# Project: Automated Fact Checking For Climate Science Claims

Student Name: Hongda Zhu

Student ID: 1259524

In [None]:
import sys
print(sys.version)

# Load datasets

In [None]:
import json

def load_data(filename):
    file = open(filename, 'r')
    data = json.load(file)
    file.close()
    return data

train_data = load_data("train-claims.json")
dev_data = load_data("dev-claims.json")
evidence_data = load_data("evidence.json")

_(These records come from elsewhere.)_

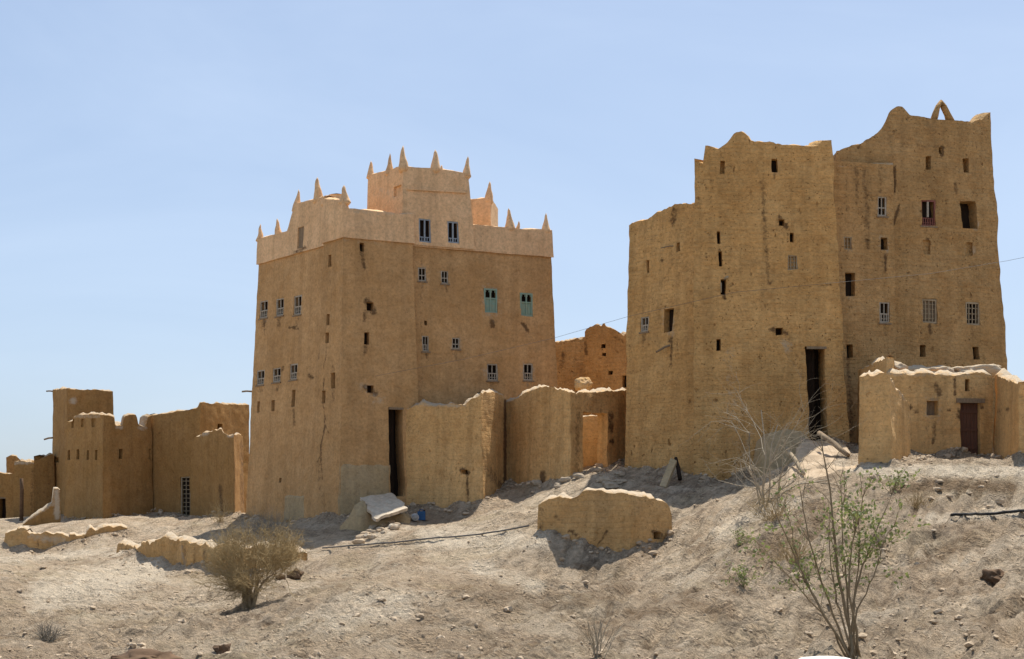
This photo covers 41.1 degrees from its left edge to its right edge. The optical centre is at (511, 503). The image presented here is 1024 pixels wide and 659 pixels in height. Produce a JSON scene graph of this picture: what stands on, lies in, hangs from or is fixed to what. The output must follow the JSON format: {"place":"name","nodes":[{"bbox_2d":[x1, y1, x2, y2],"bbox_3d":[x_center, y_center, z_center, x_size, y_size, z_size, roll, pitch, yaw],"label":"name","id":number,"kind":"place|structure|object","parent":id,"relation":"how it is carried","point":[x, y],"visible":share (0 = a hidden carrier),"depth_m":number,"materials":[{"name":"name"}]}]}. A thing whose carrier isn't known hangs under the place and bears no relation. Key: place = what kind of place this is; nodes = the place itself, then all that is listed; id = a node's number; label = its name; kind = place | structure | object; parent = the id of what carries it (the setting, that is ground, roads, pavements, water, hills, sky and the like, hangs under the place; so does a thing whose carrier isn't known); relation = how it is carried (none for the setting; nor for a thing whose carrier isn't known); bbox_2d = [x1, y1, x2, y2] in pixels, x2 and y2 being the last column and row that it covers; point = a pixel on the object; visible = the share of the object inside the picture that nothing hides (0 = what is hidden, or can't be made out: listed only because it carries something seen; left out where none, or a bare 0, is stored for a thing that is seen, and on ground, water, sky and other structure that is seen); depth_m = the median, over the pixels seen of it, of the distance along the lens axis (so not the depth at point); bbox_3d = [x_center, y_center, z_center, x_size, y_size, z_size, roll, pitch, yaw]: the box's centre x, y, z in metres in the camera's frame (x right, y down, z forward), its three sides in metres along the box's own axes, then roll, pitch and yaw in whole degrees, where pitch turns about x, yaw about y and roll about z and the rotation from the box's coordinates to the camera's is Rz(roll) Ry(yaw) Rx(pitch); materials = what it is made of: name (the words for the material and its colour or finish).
{"place":"outdoors","nodes":[
{"label":"outdoors","id":0,"kind":"place"},
{"bbox_2d":[411,513,418,520],"bbox_3d":[-3.738,0.542,52.295,0.300,0.302,0.303,0,0,-21],"label":"tub","id":1,"kind":"object","parent":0,"point":[414,516],"visible":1,"depth_m":52.20,"materials":[{"name":"white plastic"}]},
{"bbox_2d":[0,437,1023,658],"bbox_3d":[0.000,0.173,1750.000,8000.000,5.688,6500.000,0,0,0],"label":"ground","id":2,"kind":"structure","parent":0,"point":[534,568],"depth_m":27.34,"materials":[{"name":"soil"}]},
{"bbox_2d":[0,472,13,518],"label":"house","id":3,"kind":"structure","parent":2,"relation":"on","point":[6,492],"depth_m":80.60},
{"bbox_2d":[0,497,5,518],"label":"doorway","id":4,"kind":"structure","parent":3,"relation":"in","point":[2,499],"depth_m":81.14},
{"bbox_2d":[19,478,23,520],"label":"gate post","id":5,"kind":"object","parent":2,"relation":"on","point":[21,514],"visible":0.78,"depth_m":72.54,"materials":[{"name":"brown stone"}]},
{"bbox_2d":[13,460,33,517],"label":"house","id":6,"kind":"structure","parent":2,"relation":"on","point":[23,469],"depth_m":77.55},
{"bbox_2d":[6,454,33,473],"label":"ruined turret","id":7,"kind":"object","parent":6,"relation":"on","point":[11,459],"visible":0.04,"depth_m":86.19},
{"bbox_2d":[23,487,60,524],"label":"stair wall","id":8,"kind":"structure","parent":2,"relation":"on","point":[50,512],"depth_m":66.88,"materials":[{"name":"paint"}]},
{"bbox_2d":[33,453,55,512],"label":"house","id":9,"kind":"structure","parent":2,"relation":"on","point":[44,472],"depth_m":75.46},
{"bbox_2d":[30,617,69,642],"bbox_3d":[-7.127,1.930,20.960,0.696,0.527,0.601,0,0,0],"label":"dry bush","id":10,"kind":"object","parent":2,"relation":"on","point":[46,635],"visible":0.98,"depth_m":20.95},
{"bbox_2d":[4,523,126,549],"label":"retaining wall","id":11,"kind":"structure","parent":2,"relation":"on","point":[28,537],"depth_m":59.49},
{"bbox_2d":[44,387,113,514],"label":"watch tower","id":12,"kind":"structure","parent":2,"relation":"on","point":[69,404],"depth_m":74.97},
{"bbox_2d":[64,412,152,518],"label":"crenellated house","id":13,"kind":"structure","parent":2,"relation":"on","point":[108,460],"depth_m":69.70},
{"bbox_2d":[129,643,136,647],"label":"loose stone","id":14,"kind":"object","parent":2,"relation":"on","point":[133,645],"visible":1,"depth_m":18.85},
{"bbox_2d":[137,642,145,646],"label":"loose stone","id":15,"kind":"object","parent":2,"relation":"on","point":[141,644],"visible":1,"depth_m":19.05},
{"bbox_2d":[109,648,182,658],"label":"stone","id":16,"kind":"object","parent":2,"relation":"on","point":[140,653],"visible":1,"depth_m":13.69,"materials":[{"name":"stone"}]},
{"bbox_2d":[150,402,248,515],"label":"plain house","id":17,"kind":"structure","parent":2,"relation":"on","point":[175,433],"depth_m":70.33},
{"bbox_2d":[180,476,189,515],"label":"window","id":18,"kind":"structure","parent":17,"relation":"in","point":[184,481],"depth_m":69.80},
{"bbox_2d":[116,532,306,571],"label":"retaining wall","id":19,"kind":"structure","parent":2,"relation":"on","point":[172,548],"depth_m":48.57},
{"bbox_2d":[190,428,244,515],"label":"broken house","id":20,"kind":"structure","parent":2,"relation":"on","point":[216,464],"depth_m":66.54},
{"bbox_2d":[204,495,236,521],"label":"dry bush","id":21,"kind":"object","parent":2,"relation":"on","point":[221,515],"visible":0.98,"depth_m":59.75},
{"bbox_2d":[212,643,230,654],"bbox_3d":[-3.647,1.859,17.170,0.236,0.189,0.210,0,0,-15],"label":"stone","id":22,"kind":"object","parent":2,"relation":"on","point":[221,649],"visible":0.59,"depth_m":17.11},
{"bbox_2d":[186,508,316,611],"bbox_3d":[-4.672,1.040,24.419,2.414,1.996,2.386,0,0,0],"label":"dry shrub","id":23,"kind":"object","parent":2,"relation":"on","point":[281,554],"visible":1,"depth_m":24.34,"materials":[{"name":"brown plant"}]},
{"bbox_2d":[233,501,306,535],"bbox_3d":[-9.227,0.750,52.682,3.161,1.862,3.194,0,0,26],"label":"dry bush","id":24,"kind":"object","parent":2,"relation":"on","point":[269,524],"visible":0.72,"depth_m":52.45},
{"bbox_2d":[275,574,285,579],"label":"stone","id":25,"kind":"object","parent":2,"relation":"on","point":[281,578],"visible":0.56,"depth_m":36.42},
{"bbox_2d":[287,568,303,579],"bbox_3d":[-5.917,1.981,37.179,0.500,0.448,0.418,0,0,0],"label":"stone","id":26,"kind":"object","parent":2,"relation":"on","point":[299,574],"visible":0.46,"depth_m":37.02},
{"bbox_2d":[351,538,364,544],"bbox_3d":[-5.275,1.328,46.770,0.478,0.240,0.301,0,0,0],"label":"rubble stone","id":27,"kind":"object","parent":2,"relation":"on","point":[358,541],"visible":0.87,"depth_m":46.66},
{"bbox_2d":[355,534,363,538],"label":"rubble stone","id":28,"kind":"object","parent":2,"relation":"on","point":[359,536],"visible":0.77,"depth_m":48.99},
{"bbox_2d":[367,533,375,538],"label":"rubble stone","id":29,"kind":"object","parent":2,"relation":"on","point":[369,536],"visible":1,"depth_m":48.26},
{"bbox_2d":[340,500,410,530],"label":"mud ramp","id":30,"kind":"structure","parent":2,"relation":"on","point":[360,518],"depth_m":51.54,"materials":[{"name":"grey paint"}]},
{"bbox_2d":[360,493,407,521],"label":"cement slab","id":31,"kind":"structure","parent":30,"relation":"on","point":[380,507],"depth_m":51.87,"materials":[{"name":"concrete"}]},
{"bbox_2d":[390,525,399,529],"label":"rubble stone","id":32,"kind":"object","parent":2,"relation":"on","point":[394,527],"visible":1,"depth_m":49.40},
{"bbox_2d":[242,146,557,522],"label":"tower house","id":33,"kind":"structure","parent":2,"relation":"on","point":[410,268],"depth_m":56.60,"materials":[{"name":"brown brick"}]},
{"bbox_2d":[255,370,264,386],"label":"window","id":34,"kind":"structure","parent":33,"relation":"in","point":[260,373],"depth_m":60.34,"materials":[{"name":"white paint"}]},
{"bbox_2d":[258,300,267,319],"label":"window","id":35,"kind":"structure","parent":33,"relation":"in","point":[263,304],"depth_m":60.28,"materials":[{"name":"white paint"}]},
{"bbox_2d":[271,367,280,383],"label":"window","id":36,"kind":"structure","parent":33,"relation":"in","point":[276,371],"depth_m":59.16,"materials":[{"name":"white paint"}]},
{"bbox_2d":[274,298,283,317],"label":"window","id":37,"kind":"structure","parent":33,"relation":"in","point":[279,302],"depth_m":59.18,"materials":[{"name":"white paint"}]},
{"bbox_2d":[288,363,297,381],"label":"window","id":38,"kind":"structure","parent":33,"relation":"in","point":[293,367],"depth_m":58.10,"materials":[{"name":"white paint"}]},
{"bbox_2d":[292,295,301,316],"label":"window","id":39,"kind":"structure","parent":33,"relation":"in","point":[297,299],"depth_m":57.99,"materials":[{"name":"white paint"}]},
{"bbox_2d":[297,226,303,248],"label":"window","id":40,"kind":"structure","parent":33,"relation":"in","point":[301,229],"depth_m":57.86,"materials":[{"name":"pink paint"}]},
{"bbox_2d":[388,407,404,496],"bbox_3d":[-4.834,-2.066,55.598,0.704,3.623,1.027,0,0,-24],"label":"doorway","id":41,"kind":"structure","parent":33,"relation":"in","point":[395,414],"depth_m":55.67,"materials":[{"name":"black"}]},
{"bbox_2d":[417,267,427,282],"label":"window","id":42,"kind":"structure","parent":33,"relation":"in","point":[422,278],"depth_m":56.27,"materials":[{"name":"white paint"}]},
{"bbox_2d":[419,218,430,242],"bbox_3d":[-3.628,-11.206,56.241,0.553,0.983,0.283,0,0,-24],"label":"window","id":43,"kind":"structure","parent":33,"relation":"in","point":[424,224],"depth_m":56.32,"materials":[{"name":"white paint"}]},
{"bbox_2d":[421,336,430,352],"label":"window","id":44,"kind":"structure","parent":33,"relation":"in","point":[425,339],"depth_m":56.21,"materials":[{"name":"white paint"}]},
{"bbox_2d":[440,271,449,284],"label":"window","id":45,"kind":"structure","parent":33,"relation":"in","point":[444,274],"depth_m":56.65,"materials":[{"name":"white paint"}]},
{"bbox_2d":[447,221,459,243],"bbox_3d":[-2.485,-11.241,56.761,0.551,0.909,0.270,0,0,-24],"label":"window","id":46,"kind":"structure","parent":33,"relation":"in","point":[453,229],"depth_m":56.74,"materials":[{"name":"white paint"}]},
{"bbox_2d":[451,338,460,350],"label":"window","id":47,"kind":"structure","parent":33,"relation":"in","point":[455,341],"depth_m":56.76,"materials":[{"name":"white paint"}]},
{"bbox_2d":[483,288,497,312],"bbox_3d":[-0.955,-8.505,57.490,0.644,1.024,0.317,0,0,-24],"label":"window","id":48,"kind":"structure","parent":33,"relation":"in","point":[490,295],"depth_m":57.44,"materials":[{"name":"teal paint"}]},
{"bbox_2d":[486,364,498,381],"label":"window","id":49,"kind":"structure","parent":33,"relation":"in","point":[492,369],"depth_m":57.44,"materials":[{"name":"white paint"}]},
{"bbox_2d":[520,293,532,316],"bbox_3d":[0.562,-8.439,58.187,0.626,0.995,0.307,0,0,-24],"label":"window","id":50,"kind":"structure","parent":33,"relation":"in","point":[526,299],"depth_m":58.14,"materials":[{"name":"teal paint"}]},
{"bbox_2d":[522,363,534,381],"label":"window","id":51,"kind":"structure","parent":33,"relation":"in","point":[527,368],"depth_m":58.09,"materials":[{"name":"white paint"}]},
{"bbox_2d":[377,257,1023,375],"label":"overhead wire","id":52,"kind":"object","parent":33,"relation":"attached to","point":[702,299],"visible":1,"depth_m":48.32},
{"bbox_2d":[417,509,425,519],"bbox_3d":[-3.486,0.440,52.615,0.300,0.425,0.200,0,0,0],"label":"jerrycan","id":53,"kind":"object","parent":2,"relation":"on","point":[422,514],"visible":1,"depth_m":52.52,"materials":[{"name":"blue plastic"}]},
{"bbox_2d":[322,525,528,548],"bbox_3d":[-3.549,1.123,43.870,9.710,0.936,2.067,0,0,40],"label":"hose","id":54,"kind":"object","parent":2,"relation":"on","point":[427,538],"visible":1,"depth_m":43.58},
{"bbox_2d":[504,606,512,611],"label":"loose stone","id":55,"kind":"object","parent":2,"relation":"on","point":[508,608],"visible":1,"depth_m":21.07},
{"bbox_2d":[403,385,625,507],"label":"courtyard wall","id":56,"kind":"structure","parent":2,"relation":"on","point":[482,444],"depth_m":54.01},
{"bbox_2d":[574,377,592,390],"bbox_3d":[2.852,-4.702,54.373,0.737,0.653,0.660,0,0,0],"label":"mud lump","id":57,"kind":"object","parent":56,"relation":"on","point":[581,383],"visible":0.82,"depth_m":54.19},
{"bbox_2d":[583,411,607,467],"bbox_3d":[3.047,-2.360,53.269,0.581,2.369,1.779,0,0,39],"label":"doorway","id":58,"kind":"structure","parent":56,"relation":"in","point":[602,418],"depth_m":53.93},
{"bbox_2d":[530,480,541,485],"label":"rubble stone","id":59,"kind":"object","parent":2,"relation":"on","point":[535,482],"visible":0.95,"depth_m":53.34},
{"bbox_2d":[558,477,570,482],"bbox_3d":[1.949,-0.868,50.536,0.466,0.239,0.323,0,0,0],"label":"rubble stone","id":60,"kind":"object","parent":2,"relation":"on","point":[563,479],"visible":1,"depth_m":50.40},
{"bbox_2d":[572,473,585,478],"bbox_3d":[2.463,-0.993,50.550,0.425,0.243,0.385,0,0,31],"label":"rubble stone","id":61,"kind":"object","parent":2,"relation":"on","point":[578,475],"visible":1,"depth_m":50.45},
{"bbox_2d":[583,415,597,467],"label":"wall","id":62,"kind":"structure","parent":2,"relation":"on","point":[590,432],"depth_m":57.04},
{"bbox_2d":[555,323,626,415],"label":"ruined house","id":63,"kind":"structure","parent":2,"relation":"on","point":[596,355],"depth_m":63.89,"materials":[{"name":"brick"}]},
{"bbox_2d":[593,467,601,471],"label":"rubble stone","id":64,"kind":"object","parent":2,"relation":"on","point":[597,469],"visible":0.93,"depth_m":52.63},
{"bbox_2d":[561,595,637,657],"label":"dry bush","id":65,"kind":"object","parent":2,"relation":"on","point":[597,641],"visible":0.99,"depth_m":14.31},
{"bbox_2d":[598,476,609,482],"bbox_3d":[3.333,-0.852,49.418,0.486,0.267,0.366,0,0,0],"label":"rubble stone","id":66,"kind":"object","parent":2,"relation":"on","point":[602,478],"visible":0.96,"depth_m":49.28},
{"bbox_2d":[537,487,671,551],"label":"broken wall","id":67,"kind":"structure","parent":2,"relation":"on","point":[617,520],"depth_m":39.35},
{"bbox_2d":[604,482,618,488],"bbox_3d":[3.568,-0.625,48.918,0.550,0.263,0.375,0,0,0],"label":"rubble stone","id":68,"kind":"object","parent":2,"relation":"on","point":[609,485],"visible":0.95,"depth_m":48.78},
{"bbox_2d":[613,479,622,484],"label":"rubble stone","id":69,"kind":"object","parent":2,"relation":"on","point":[618,481],"visible":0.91,"depth_m":49.14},
{"bbox_2d":[614,471,624,476],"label":"rubble stone","id":70,"kind":"object","parent":2,"relation":"on","point":[620,473],"visible":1,"depth_m":50.29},
{"bbox_2d":[660,458,676,487],"bbox_3d":[5.520,-1.049,48.139,0.277,1.152,1.798,0,0,21],"label":"cement board","id":71,"kind":"object","parent":2,"relation":"on","point":[668,473],"visible":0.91,"depth_m":48.09,"materials":[{"name":"grey paint"}]},
{"bbox_2d":[674,457,681,480],"bbox_3d":[5.918,-1.228,48.608,0.165,0.872,0.845,0,0,-4],"label":"wooden prop","id":72,"kind":"object","parent":2,"relation":"on","point":[678,470],"visible":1,"depth_m":48.45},
{"bbox_2d":[625,131,849,479],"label":"tower house","id":73,"kind":"structure","parent":2,"relation":"on","point":[757,216],"depth_m":48.98,"materials":[{"name":"brick"}]},
{"bbox_2d":[639,316,648,333],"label":"window","id":74,"kind":"structure","parent":73,"relation":"in","point":[644,324],"depth_m":51.79,"materials":[{"name":"wood"}]},
{"bbox_2d":[664,308,673,332],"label":"window","id":75,"kind":"structure","parent":73,"relation":"in","point":[668,313],"depth_m":50.95,"materials":[{"name":"brick"}]},
{"bbox_2d":[771,159,777,171],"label":"window","id":76,"kind":"structure","parent":73,"relation":"in","point":[774,164],"depth_m":49.32,"materials":[{"name":"brick"}]},
{"bbox_2d":[788,255,797,269],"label":"window","id":77,"kind":"structure","parent":73,"relation":"in","point":[792,259],"depth_m":49.00,"materials":[{"name":"wood"}]},
{"bbox_2d":[805,346,827,440],"bbox_3d":[10.911,-3.775,49.321,0.865,3.685,1.141,0,0,0],"label":"doorway","id":78,"kind":"structure","parent":73,"relation":"in","point":[815,355],"depth_m":49.34,"materials":[{"name":"brick"}]},
{"bbox_2d":[730,526,751,545],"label":"plant","id":79,"kind":"object","parent":2,"relation":"on","point":[738,533],"visible":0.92,"depth_m":32.16,"materials":[{"name":"green plant"}]},
{"bbox_2d":[721,560,768,588],"bbox_3d":[3.747,1.156,22.166,0.736,0.487,0.447,0,0,-15],"label":"plant","id":80,"kind":"object","parent":2,"relation":"on","point":[742,576],"visible":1,"depth_m":22.14,"materials":[{"name":"green plant"}]},
{"bbox_2d":[673,360,869,509],"bbox_3d":[7.367,-1.560,37.109,5.450,4.921,4.386,0,0,40],"label":"bare bush","id":81,"kind":"object","parent":2,"relation":"on","point":[770,474],"visible":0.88,"depth_m":37.01,"materials":[{"name":"plant"}]},
{"bbox_2d":[731,479,819,520],"bbox_3d":[6.395,-0.031,34.396,2.163,1.295,2.229,0,0,35],"label":"dry bush","id":82,"kind":"object","parent":2,"relation":"on","point":[768,517],"visible":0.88,"depth_m":34.28,"materials":[{"name":"plant"}]},
{"bbox_2d":[773,607,782,612],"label":"loose stone","id":83,"kind":"object","parent":2,"relation":"on","point":[779,609],"visible":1,"depth_m":20.64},
{"bbox_2d":[753,429,810,477],"bbox_3d":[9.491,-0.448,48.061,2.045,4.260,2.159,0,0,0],"label":"mud bench","id":84,"kind":"object","parent":2,"relation":"on","point":[773,465],"visible":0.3,"depth_m":47.13,"materials":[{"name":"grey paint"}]},
{"bbox_2d":[760,528,826,564],"bbox_3d":[5.804,0.894,28.061,1.481,1.017,1.291,0,0,0],"label":"dry bush","id":85,"kind":"object","parent":2,"relation":"on","point":[787,552],"visible":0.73,"depth_m":27.99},
{"bbox_2d":[803,631,813,635],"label":"loose stone","id":86,"kind":"object","parent":2,"relation":"on","point":[809,633],"visible":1,"depth_m":19.16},
{"bbox_2d":[785,437,856,480],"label":"rubble ramp","id":87,"kind":"structure","parent":2,"relation":"on","point":[817,453],"depth_m":44.23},
{"bbox_2d":[785,447,804,475],"bbox_3d":[8.964,-1.342,43.203,0.145,0.992,2.260,0,0,-2],"label":"wooden pole","id":88,"kind":"object","parent":87,"relation":"on","point":[794,458],"visible":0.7,"depth_m":43.13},
{"bbox_2d":[799,656,849,658],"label":"boulder","id":89,"kind":"object","parent":2,"relation":"on","point":[824,657],"visible":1,"depth_m":12.52,"materials":[{"name":"white stone"}]},
{"bbox_2d":[735,422,930,658],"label":"green shrub","id":90,"kind":"object","parent":2,"relation":"on","point":[851,651],"visible":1,"depth_m":15.22,"materials":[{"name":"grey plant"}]},
{"bbox_2d":[817,431,849,456],"bbox_3d":[10.464,-1.936,44.435,0.184,0.966,2.307,0,0,-11],"label":"wooden pole","id":91,"kind":"object","parent":2,"relation":"on","point":[834,444],"visible":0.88,"depth_m":44.21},
{"bbox_2d":[858,369,910,463],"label":"wall end","id":92,"kind":"structure","parent":2,"relation":"on","point":[885,425],"depth_m":40.43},
{"bbox_2d":[884,468,914,490],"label":"plant","id":93,"kind":"object","parent":2,"relation":"on","point":[890,480],"visible":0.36,"depth_m":34.02,"materials":[{"name":"green plant"}]},
{"bbox_2d":[898,483,937,509],"bbox_3d":[9.397,-0.094,31.491,0.994,0.751,1.167,0,0,0],"label":"dry bush","id":94,"kind":"object","parent":2,"relation":"on","point":[917,502],"visible":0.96,"depth_m":31.39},
{"bbox_2d":[833,100,1006,442],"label":"tower house","id":95,"kind":"structure","parent":2,"relation":"on","point":[914,196],"depth_m":52.11,"materials":[{"name":"brick"}]},
{"bbox_2d":[844,236,851,249],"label":"window","id":96,"kind":"structure","parent":95,"relation":"in","point":[847,240],"depth_m":50.96,"materials":[{"name":"wood"}]},
{"bbox_2d":[845,273,854,295],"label":"window","id":97,"kind":"structure","parent":95,"relation":"in","point":[849,286],"depth_m":51.13,"materials":[{"name":"wood"}]},
{"bbox_2d":[877,196,888,217],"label":"window","id":98,"kind":"structure","parent":95,"relation":"in","point":[882,201],"depth_m":51.41,"materials":[{"name":"wood"}]},
{"bbox_2d":[881,237,887,249],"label":"window","id":99,"kind":"structure","parent":95,"relation":"in","point":[884,245],"depth_m":51.53,"materials":[{"name":"brick"}]},
{"bbox_2d":[879,302,891,324],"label":"window","id":100,"kind":"structure","parent":95,"relation":"in","point":[884,313],"depth_m":51.31,"materials":[{"name":"wood"}]},
{"bbox_2d":[921,200,937,227],"bbox_3d":[15.903,-11.079,52.374,0.727,1.080,0.383,0,0,-14],"label":"window","id":101,"kind":"structure","parent":95,"relation":"in","point":[928,206],"depth_m":52.34,"materials":[{"name":"wood"}]},
{"bbox_2d":[922,298,937,323],"bbox_3d":[15.922,-7.325,52.178,0.675,0.976,0.199,0,0,-16],"label":"window","id":102,"kind":"structure","parent":95,"relation":"in","point":[930,314],"depth_m":52.21,"materials":[{"name":"wood"}]},
{"bbox_2d":[960,201,977,228],"bbox_3d":[17.572,-11.140,52.962,0.752,1.085,0.591,0,0,-15],"label":"window","id":103,"kind":"structure","parent":95,"relation":"in","point":[968,208],"depth_m":53.19,"materials":[{"name":"brick"}]},
{"bbox_2d":[965,302,980,324],"bbox_3d":[17.735,-7.313,52.778,0.680,0.893,0.326,0,0,-18],"label":"window","id":104,"kind":"structure","parent":95,"relation":"in","point":[972,308],"depth_m":52.75,"materials":[{"name":"wood"}]},
{"bbox_2d":[857,353,1002,454],"bbox_3d":[14.665,-2.510,47.337,4.771,5.066,4.587,0,0,0],"label":"mud hut","id":105,"kind":"object","parent":2,"relation":"on","point":[950,407],"visible":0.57,"depth_m":45.42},
{"bbox_2d":[926,401,937,414],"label":"window","id":106,"kind":"structure","parent":105,"relation":"in","point":[932,406],"depth_m":45.62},
{"bbox_2d":[956,398,984,454],"bbox_3d":[15.252,-2.420,45.593,1.000,2.133,0.330,0,0,-9],"label":"doorway","id":107,"kind":"structure","parent":105,"relation":"in","point":[969,407],"depth_m":45.61,"materials":[{"name":"wood"}]},
{"bbox_2d":[934,479,943,482],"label":"clod","id":108,"kind":"object","parent":2,"relation":"on","point":[939,481],"visible":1,"depth_m":33.17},
{"bbox_2d":[950,509,1023,516],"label":"hose","id":109,"kind":"object","parent":2,"relation":"on","point":[987,513],"visible":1,"depth_m":29.04,"materials":[{"name":"black rubber"}]},
{"bbox_2d":[984,505,994,508],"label":"clod","id":110,"kind":"object","parent":2,"relation":"on","point":[990,506],"visible":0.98,"depth_m":30.71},
{"bbox_2d":[980,569,1003,585],"bbox_3d":[8.352,1.307,23.637,0.511,0.349,0.442,0,0,0],"label":"stone","id":111,"kind":"object","parent":2,"relation":"on","point":[993,576],"visible":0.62,"depth_m":23.52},
{"bbox_2d":[995,498,1004,503],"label":"clod","id":112,"kind":"object","parent":2,"relation":"on","point":[1000,500],"visible":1,"depth_m":31.27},
{"bbox_2d":[993,368,1023,458],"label":"yard wall","id":113,"kind":"structure","parent":2,"relation":"on","point":[1008,435],"depth_m":43.37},
{"bbox_2d":[0,0,1023,472],"label":"sky","id":114,"kind":"structure","parent":0,"point":[146,146],"materials":[{"name":"blue"}]}
]}

# print("train_data: ", train_data)
# print("dev_data: ", dev_data)
# print("evidence_data: ", evidence_data)
# for id, info in train_data.items():
#     print("claim_id: ", id)
#     print("claim_text: ", info['claim_text'])
#     print("claim_label: ", info['claim_label'])
#     print("evidences: ", info['evidences'])
#     print()
# print("dev_data: ", dev_data)
# print("evidence_data: ", evidence_data)

# Preprocessing the data

Create PyTorch Dataset and DataLoader for preprocessed data

In [None]:
import torch
from torch.utils.data import Dataset, DataLoader
from transformers import AutoTokenizer

tokenizer = AutoTokenizer.from_pretrained("bert-base-uncased")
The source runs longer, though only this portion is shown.